Part three of three: Tusk
It’s Monday a little before seven am and I’m the first one in the office. I’m in the kitchen at the coffee maker because I didn’t have any coffee at home. I pour the coffee in the filter, pour the water in the reservoir tank, put the coffee pot on the hot plate and turn it on. I go to my office—the office that still has no paintings on the wall—and start up the computer. I check to see if any emergent emails came through over the weekend and return to the coffee maker.
Coffee and grounds are everywhere, running over the counter, under the microwave and onto the floor. I begin sopping it up with bunches of napkins and paper towels, when Mick comes in.
‘So it happened to you this morning,’ he says.
‘This has happened before?’
‘Yeah, about once a week,’ he says and comes over and helps me for a moment. I’m trying to sop up the coffee, but it’s still at the point where the napkins are pushing more than they are absorbing. He stops and leans against the wall and says, ‘Can I ask you a question?’
I’m wiping down the hot plate where the coffee pot sits, but I look up at him briefly and say, ‘sure.’
‘I want to ask you a question,’ he says again, and pauses. With all this build up, I figure he’s going to ask if I’m gay or if my buddy was my boyfriend. I don’t want to have that conversation this morning—let alone without coffee—but I’m not exactly relived when he instead asks, ‘Did you leave my party early so you wouldn’t have to see Christy?’
‘No,’ I say, not expecting that question at all.
‘Everyone seems under the impression that you did.’
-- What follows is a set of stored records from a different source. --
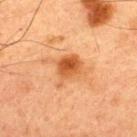Imaged during a routine full-body skin examination; the lesion was not biopsied and no histopathology is available. Imaged with cross-polarized lighting. A male subject aged approximately 60. A 15 mm close-up extracted from a 3D total-body photography capture. From the upper back.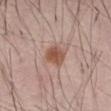Q: Was this lesion biopsied?
A: imaged on a skin check; not biopsied
Q: Where on the body is the lesion?
A: the abdomen
Q: Patient demographics?
A: male, in their 60s
Q: What is the imaging modality?
A: total-body-photography crop, ~15 mm field of view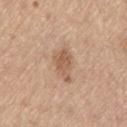The lesion was tiled from a total-body skin photograph and was not biopsied.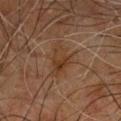Imaged during a routine full-body skin examination; the lesion was not biopsied and no histopathology is available. A male patient aged approximately 60. On the upper back. Imaged with cross-polarized lighting. Longest diameter approximately 4 mm. A 15 mm crop from a total-body photograph taken for skin-cancer surveillance.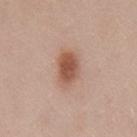{"biopsy_status": "not biopsied; imaged during a skin examination", "image": {"source": "total-body photography crop", "field_of_view_mm": 15}, "site": "chest", "lighting": "white-light", "lesion_size": {"long_diameter_mm_approx": 4.0}, "automated_metrics": {"eccentricity": 0.8, "cielab_L": 54, "cielab_a": 22, "cielab_b": 29, "vs_skin_darker_L": 13.0, "vs_skin_contrast_norm": 9.0, "border_irregularity_0_10": 2.0, "nevus_likeness_0_100": 100, "lesion_detection_confidence_0_100": 100}, "patient": {"sex": "male", "age_approx": 55}}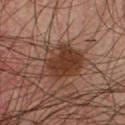{
  "biopsy_status": "not biopsied; imaged during a skin examination",
  "site": "chest",
  "automated_metrics": {
    "area_mm2_approx": 17.0,
    "shape_asymmetry": 0.2,
    "cielab_L": 36,
    "cielab_a": 20,
    "cielab_b": 27,
    "vs_skin_darker_L": 11.0,
    "vs_skin_contrast_norm": 9.5,
    "nevus_likeness_0_100": 95,
    "lesion_detection_confidence_0_100": 100
  },
  "patient": {
    "sex": "male",
    "age_approx": 35
  },
  "lesion_size": {
    "long_diameter_mm_approx": 6.0
  },
  "image": {
    "source": "total-body photography crop",
    "field_of_view_mm": 15
  },
  "lighting": "cross-polarized"
}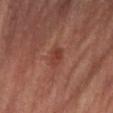notes: catalogued during a skin exam; not biopsied | subject: male, approximately 70 years of age | acquisition: ~15 mm tile from a whole-body skin photo | body site: the left lower leg.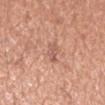Impression:
Part of a total-body skin-imaging series; this lesion was reviewed on a skin check and was not flagged for biopsy.
Clinical summary:
A close-up tile cropped from a whole-body skin photograph, about 15 mm across. The subject is a male aged approximately 55. The lesion is on the right forearm.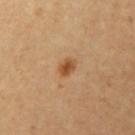Assessment: Imaged during a routine full-body skin examination; the lesion was not biopsied and no histopathology is available. Acquisition and patient details: A roughly 15 mm field-of-view crop from a total-body skin photograph. The subject is a female roughly 30 years of age. The lesion-visualizer software estimated an area of roughly 3.5 mm² and an eccentricity of roughly 0.7. It also reported a mean CIELAB color near L≈51 a*≈23 b*≈39, a lesion–skin lightness drop of about 11, and a normalized border contrast of about 8.5. And it measured a border-irregularity rating of about 2/10, internal color variation of about 4.5 on a 0–10 scale, and a peripheral color-asymmetry measure near 1.5. The lesion is located on the left upper arm. The lesion's longest dimension is about 2.5 mm.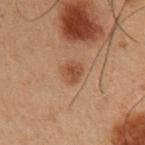The lesion was tiled from a total-body skin photograph and was not biopsied.
The patient is a male aged approximately 55.
The lesion is on the right upper arm.
Approximately 2.5 mm at its widest.
A region of skin cropped from a whole-body photographic capture, roughly 15 mm wide.
Captured under cross-polarized illumination.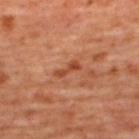– workup: no biopsy performed (imaged during a skin exam)
– patient: female, about 45 years old
– anatomic site: the upper back
– imaging modality: 15 mm crop, total-body photography
– lesion size: ~3 mm (longest diameter)
– automated lesion analysis: a footprint of about 3 mm² and a shape-asymmetry score of about 0.35 (0 = symmetric); a mean CIELAB color near L≈46 a*≈29 b*≈35 and a normalized lesion–skin contrast near 7
– lighting: cross-polarized illumination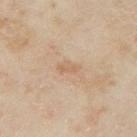notes=total-body-photography surveillance lesion; no biopsy
patient=female, approximately 35 years of age
lesion size=~2.5 mm (longest diameter)
site=the left upper arm
acquisition=total-body-photography crop, ~15 mm field of view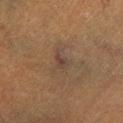Clinical impression: This lesion was catalogued during total-body skin photography and was not selected for biopsy. Acquisition and patient details: The patient is a male aged around 40. The lesion is located on the left lower leg. Captured under cross-polarized illumination. A close-up tile cropped from a whole-body skin photograph, about 15 mm across. The lesion-visualizer software estimated about 5 CIELAB-L* units darker than the surrounding skin and a normalized lesion–skin contrast near 6. The analysis additionally found a border-irregularity index near 3.5/10, internal color variation of about 2.5 on a 0–10 scale, and a peripheral color-asymmetry measure near 0.5. The analysis additionally found an automated nevus-likeness rating near 5 out of 100 and a detector confidence of about 80 out of 100 that the crop contains a lesion. Longest diameter approximately 3 mm.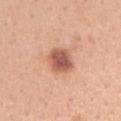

I’m quickly thinking about how I had asked people in the office if she was coming, how I had known she was coming around ten, how I had asked my buddy several times about the time and—as soon as I heard it was after nine—made my exit.
So I tell Mick that I went to a nine-thirty movie. Hoping it will clear up everything—before realizing it’s also admitting I’d planned on leaving his party to see a movie.
‘Oh,’ he said, pausing, ‘cause I think they’re trying to set her up with you.’
‘Yeah,’ I say, ‘I’m not too sure what that’s about.’
‘Well, doc, let me just say this,’ he says in a tone that lets me know he’s going to break it down for me, with a slight pause between each word, ‘you’re not exactly ugly.’
We kind of laugh and I try not to burn my fingers as I pick up the coffee filter and throw it out. Then I ask who had that impression.
‘Most everybody,’ he said, then his tone changed. ‘It didn’t really matter though, because nearly everyone went home after you left.’ Then he paused for quite a while and said, ‘thanks for ruining my party.’
In the next tenth of a second a lot of things went through my mind. Not the least of which was: Is he joking?
So two-tenths of a second later, I opted for the option where he was joking and I laughed and left the building entirely. I went to get coffee from the emergency department, at least there I know what I’m doing.
5 Comments:
10/27/2006
Unknown writes:
WOW - the power you have over people...
10/27/2006
Anonymous writes:
The only thing worse than office politics is social politics with coworkers!
10/28/2006
Anonymous writes:
part three of three? That's the end? I guess we are to infer that you never got the painting because... well, "hell hath no fury like a woman scorned"??
10/28/2006
Anonymous writes:
What an uptight prick Mick is. I'll ruin his party.
10/31/2006
Anonymous writes:
I have SO missed your writing. So glad you're back.